Amid considerable weakness in natural gas pricing, Cabot Oil & Gas Corp. will cut back to its previously disclosed maintenance capital program in 2020, a $575 million budget expected to deliver around 2.4 Bcf/d of net production this year.
Management for the Houston-based producer issued updated 2020 guidance Tuesday ahead of a 4Q2019 and year-end earnings conference call scheduled for Feb. 21.
The maintenance plan and projected 2.4 Bcf/d of output “assumes a moderate amount of curtailments throughout the year based on an expectation of normal pipeline maintenance, higher line pressures and weaker spot market prices,” management said.
The projected 2020 output is roughly flat with 4Q2019 production totals. Cabot expects to report production of around 2,457 MMcfe/d for the fourth quarter, exceeding the high end of its guidance. The producer, which operates in Northeast Pennsylvania, had signaled last year that it was evaluating plans to prepare for a tough commodity price environment in 2020.
The 2020 program would deliver $275-300 million in free cash flow and generate a “return on capital employed” of around 11-12%, assuming average New York Mercantile Exchange (Nymex) pricing of $2.25/MMBtu.
As of midday Tuesday, December 2020 was the only Nymex futures contract this year trading above $2.25. BofA Research recently projected average pricing of $1.99 for 2020.
“Our decision to reduce capital spending by approximately 27% year/year highlights our continued commitment to disciplined capital allocation,” CEO Dan Dinges said. “We believe that by substantially reducing our drilling and completion activity in 2020, we are taking the necessary steps to adapt to the current uncertainty in the natural gas markets, and we are prepared to maintain these reduced activity levels as long as this lower price environment persists.”
Dinges said Cabot still expects to generate positive free cash flow and cover its dividend commitments but acknowledged that the operator is “by no means immune to the significant decline in natural gas prices” since last year.
Weighed down by a glut of Lower 48 production, natural gas prices have only grown weaker through the 2019/20 winter, with futures sinking to four-year lows as exceptionally mild weather has exacerbated the supply glut.
Said Dinges, “We are encouraged by the reduction in horizontal rig counts across the Marcellus, Utica and Haynesville -- which are collectively down 39% since their recent peaks in 2Q2019 -- and are hopeful that market forces will continue to move natural gas supply and demand toward a more sustainable balance; however, we will continue to evaluate the potential for additional capital reductions if prices erode further.”

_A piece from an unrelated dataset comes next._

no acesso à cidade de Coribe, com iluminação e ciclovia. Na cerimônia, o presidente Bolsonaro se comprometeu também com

On the production front, there have been signs of hope for bulls. Analyst estimates indicate a pullback in Lower 48 production totals since November.
What’s more, the recent collapse in oil prices -- fueled by fears of the coronavirus and potential demand impacts -- could materially impact future natural gas production trends. Genscape Inc. analysts said Tuesday they’re modeling “substantial reductions” in their gas production forecast based on the recent hit to oil prices.

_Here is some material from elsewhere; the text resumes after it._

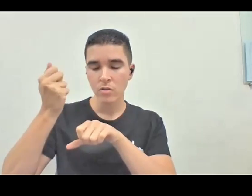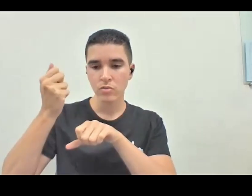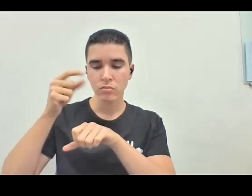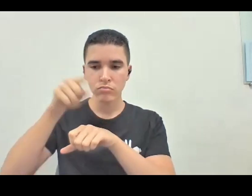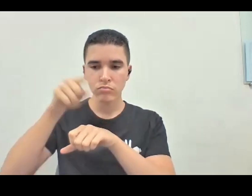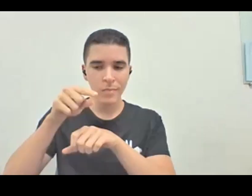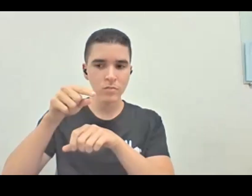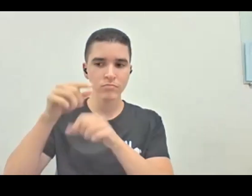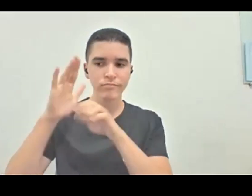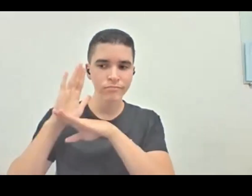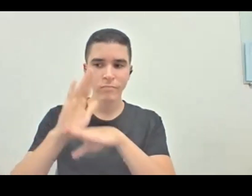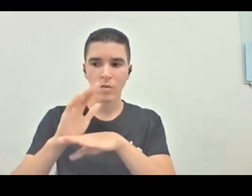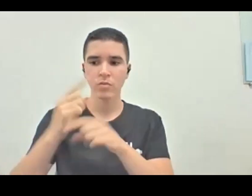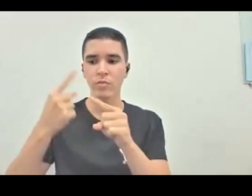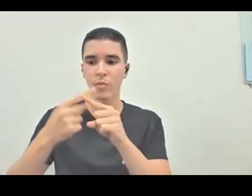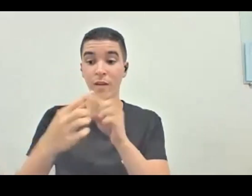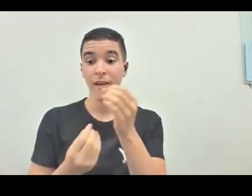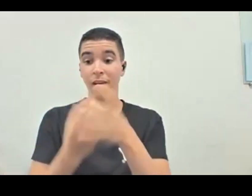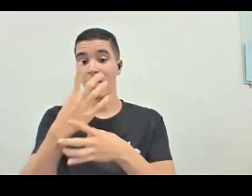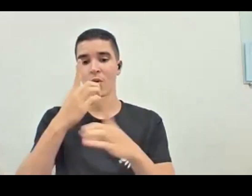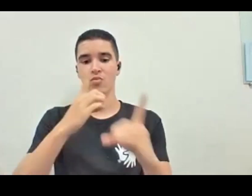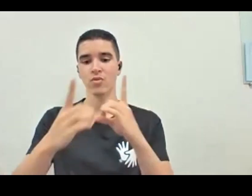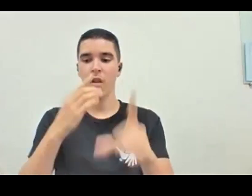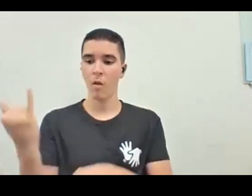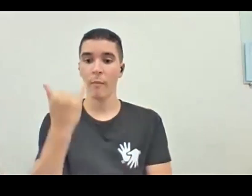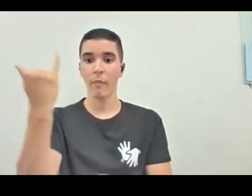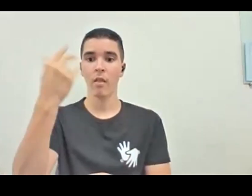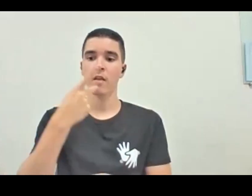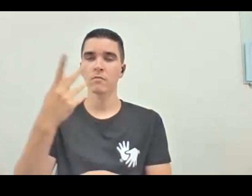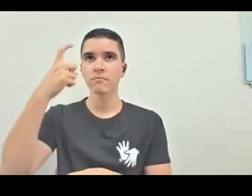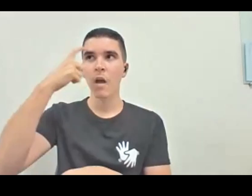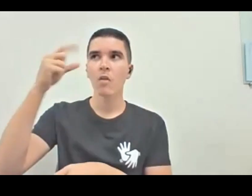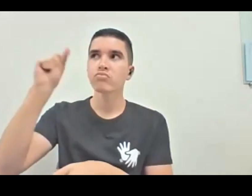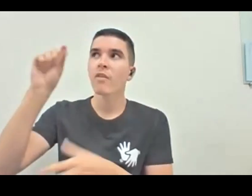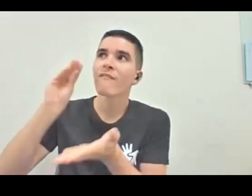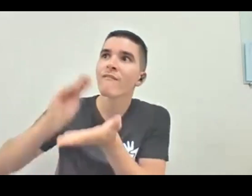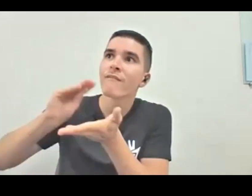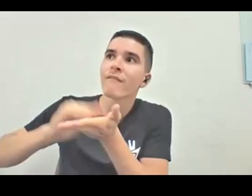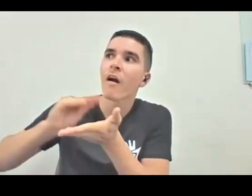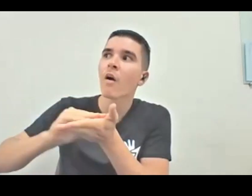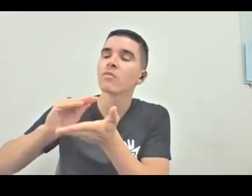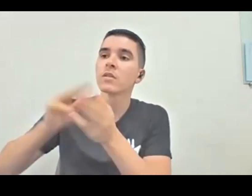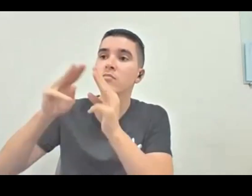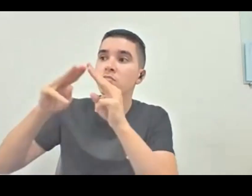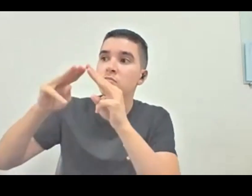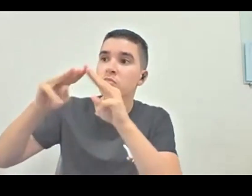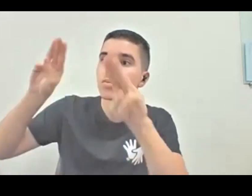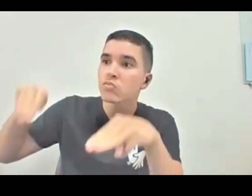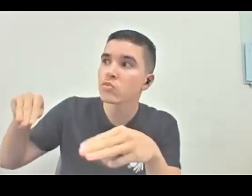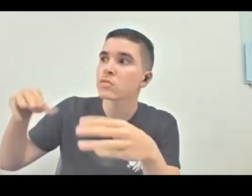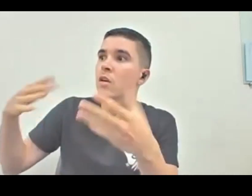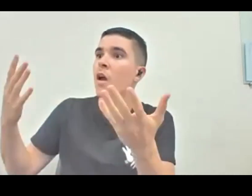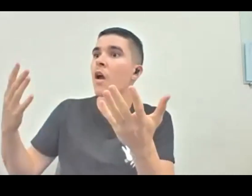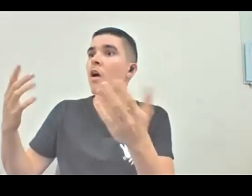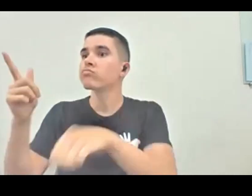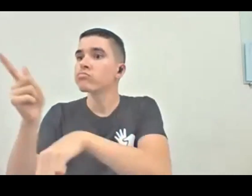interessante com o que a Maria Eugênia colocou, né? O que que falta pra gente conscientizar os museus, os tomadores de decisão, os gestores

“In early January, the West Texas Intermediate (WTI) benchmark price had topped $65/bbl,” Genscape senior natural gas analyst Rick Margolin said. “Since then the price has plummeted, with trading yesterday slipping below the $50/bbl mark for the first time in 13 months. This leads to a significant reduction in our production outlooks for oil and gas by causing rig counts to decline much faster than efficiency gains can compensate for.”
The oil price decline also means major impacts to forecast natural gas output because of the amount of Lower 48 associated gas produced from oil-directed drilling activity, according to Margolin.
As of Monday Genscape’s “expectations for 2020 gas production growth have been curtailed by nearly 1.4 Bcf/d versus our previous main forecast update from six weeks ago,” the analyst said. “2021 production expectations were reduced by more than 2.3 Bcf/d versus the previous forecast. As a result, 2021 production is now expected to post a year/year decline.”
Cabot realized prices of $2.15/Mcf during the period, or $2.05 excluding derivatives. Cabot expects capital expenditures of $160-170 for 4Q2019, management said.